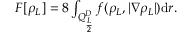
\begin{array} { r } { F [ \rho _ { L } ] = 8 \int _ { Q _ { \frac { L } { 2 } } ^ { D } } f ( \rho _ { L } , | \nabla \rho _ { L } | ) \mathrm { d } r . } \end{array}
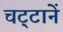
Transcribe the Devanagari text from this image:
चट्‍टानें
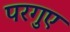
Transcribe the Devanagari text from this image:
परगुए
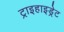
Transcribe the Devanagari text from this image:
ट्राइहाइड्रेट
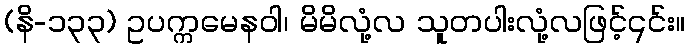
(နိ-၁၃၃) ဥပက္ကမေနဝါ၊ မိမိလုံ့လ သူတပါးလုံ့လဖြင့်၎င်း။
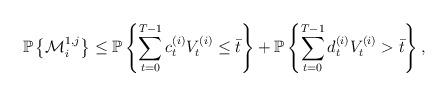
LaTeX: \begin{align*}\mathbb{P}\left\{\mathcal{M}_i^{1, j}\right\}\leq \mathbb{P}\left\{\sum_{t=0}^{T-1} c^{(i)}_t V^{(i)}_t \leq \bar{t}\right\}+\mathbb{P}\left\{\sum_{t=0}^{T-1}d^{(i)}_t V^{(i)}_t > \bar{t} \right\},\end{align*}
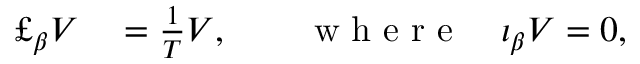
\begin{array} { r l } { \pounds _ { \beta } V } & { { } = \frac 1 T { \cal V } , \qquad \mathrm { ~ w ~ h ~ e ~ r ~ e ~ } \quad \iota _ { \beta } { \cal V } = 0 , } \end{array}
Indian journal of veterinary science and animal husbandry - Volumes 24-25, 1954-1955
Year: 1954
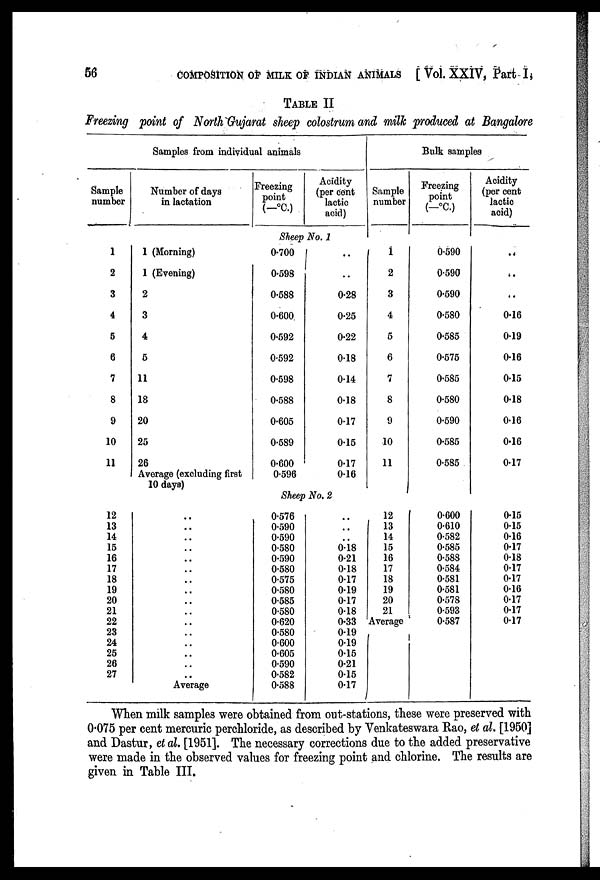
56
COMPOSITION OF MILK OF INDIAN ANIMALS [ Vol. XXIV, Part I,
TABLE II
Freezing point of North Gujarat sheep colostrum and milk produced at Bangalore
Sample
number
1
2
3
4
5
6
7
8
9
10
11
12
13
14
15
16
17
18
19
20
21
22
23
24
25
26
27
Samples from individual animals
Number of days
in lactation
1 (Morning)
1 (Evening)
2
3
4
5
11
18
20
25
26
Average (excluding first
10 days)
..
..
..
..
..
..
..
..
..
..
..
..
..
..
..
..
Average
Freezing
point
(—°C. )
Acidity
(per cent
lactic
acid)
Sheep No. 1
0.700
0.598
0.588
0.600
0.592
0.592
0.598
0.588
0.605
0.589
0.600
0.596
..
..
0.28
0.25
0.22
0.18
0.14
0.18
0.17
0.15
0.17
0.16
Sheep No. 2
0.576
0.590
0.590
0.580
0.590
0.580
0.575
0.580
0.585
0.580
0.620
0.580
0.600
0.605
0.590
0.582
0.588
..
..
..
0.18
0.21
0.18
0.17
0.19
0.17
0.18
0.33
0.19
0.19
0.15
0.21
0.15
0.17
Sample
number
1
2
3
4
5
6
7
8
9
10
11
12
13
14
15
16
17
18
19
20
21
Average
Bulk samples
Freezing
point
(—°C.)
0.590
0.590
0.590
0.580
0.585
0.575
0.585
0.580
0.590
0.585
0.585
0.600
0.610
0.582
0.585
0.588
0.584
0.581
0.581
0.578
0.593
0.587
Acidity
(per cent
lactic
acid)
..
..
..
0.16
0.19
0.16
0.15
0.18
0.16
0.16
0.17
0.15
0.15
0.16
0.17
0.18
0.17
0.17
0.16
0.17
0.17
0.17
When milk samples were obtained from out-stations, these were preserved with
0.075 per cent mercuric perchloride, as described by Venkateswara Rao, et al. [1950]
and Dastur, et al. [1951]. The necessary corrections due to the added preservative
were made in the observed values for freezing point and chlorine. The results are
given in Table III.
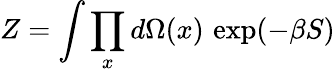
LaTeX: Z=\int\prod_{x}d\Omega(x)\, \exp(-\beta S)
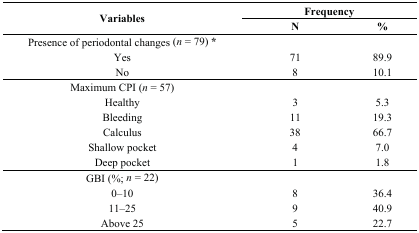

+ + + +

- [About this task]
For every entry above, write it out exactly and remove any image.

- [The completed task]
\begin{array} { r } { F [ \rho _ { L } ] = 8 \int _ { Q _ { \frac { L } { 2 } } ^ { D } } f ( \rho _ { L } , | \nabla \rho _ { L } | ) \mathrm { d } r . } \end{array}
Transcribe the Devanagari text from this image:
चट्‍टानें
Transcribe the Devanagari text from this image:
परगुए
Transcribe the Devanagari text from this image:
ट्राइहाइड्रेट
(နိ-၁၃၃) ဥပက္ကမေနဝါ၊ မိမိလုံ့လ သူတပါးလုံ့လဖြင့်၎င်း။
LaTeX: \begin{align*}\mathbb{P}\left\{\mathcal{M}_i^{1, j}\right\}\leq \mathbb{P}\left\{\sum_{t=0}^{T-1} c^{(i)}_t V^{(i)}_t \leq \bar{t}\right\}+\mathbb{P}\left\{\sum_{t=0}^{T-1}d^{(i)}_t V^{(i)}_t > \bar{t} \right\},\end{align*}
\begin{array} { r l } { \pounds _ { \beta } V } & { { } = \frac 1 T { \cal V } , \qquad \mathrm { ~ w ~ h ~ e ~ r ~ e ~ } \quad \iota _ { \beta } { \cal V } = 0 , } \end{array}
Indian journal of veterinary science and animal husbandry - Volumes 24-25, 1954-1955
Year: 1954
56
COMPOSITION OF MILK OF INDIAN ANIMALS [ Vol. XXIV, Part I,
TABLE II
Freezing point of North Gujarat sheep colostrum and milk produced at Bangalore
Sample
number
1
2
3
4
5
6
7
8
9
10
11
12
13
14
15
16
17
18
19
20
21
22
23
24
25
26
27
Samples from individual animals
Number of days
in lactation
1 (Morning)
1 (Evening)
2
3
4
5
11
18
20
25
26
Average (excluding first
10 days)
..
..
..
..
..
..
..
..
..
..
..
..
..
..
..
..
Average
Freezing
point
(—°C. )
Acidity
(per cent
lactic
acid)
Sheep No. 1
0.700
0.598
0.588
0.600
0.592
0.592
0.598
0.588
0.605
0.589
0.600
0.596
..
..
0.28
0.25
0.22
0.18
0.14
0.18
0.17
0.15
0.17
0.16
Sheep No. 2
0.576
0.590
0.590
0.580
0.590
0.580
0.575
0.580
0.585
0.580
0.620
0.580
0.600
0.605
0.590
0.582
0.588
..
..
..
0.18
0.21
0.18
0.17
0.19
0.17
0.18
0.33
0.19
0.19
0.15
0.21
0.15
0.17
Sample
number
1
2
3
4
5
6
7
8
9
10
11
12
13
14
15
16
17
18
19
20
21
Average
Bulk samples
Freezing
point
(—°C.)
0.590
0.590
0.590
0.580
0.585
0.575
0.585
0.580
0.590
0.585
0.585
0.600
0.610
0.582
0.585
0.588
0.584
0.581
0.581
0.578
0.593
0.587
Acidity
(per cent
lactic
acid)
..
..
..
0.16
0.19
0.16
0.15
0.18
0.16
0.16
0.17
0.15
0.15
0.16
0.17
0.18
0.17
0.17
0.16
0.17
0.17
0.17
When milk samples were obtained from out-stations, these were preserved with
0.075 per cent mercuric perchloride, as described by Venkateswara Rao, et al. [1950]
and Dastur, et al. [1951]. The necessary corrections due to the added preservative
were made in the observed values for freezing point and chlorine. The results are
given in Table III.
LaTeX: Z=\int\prod_{x}d\Omega(x)\, \exp(-\beta S)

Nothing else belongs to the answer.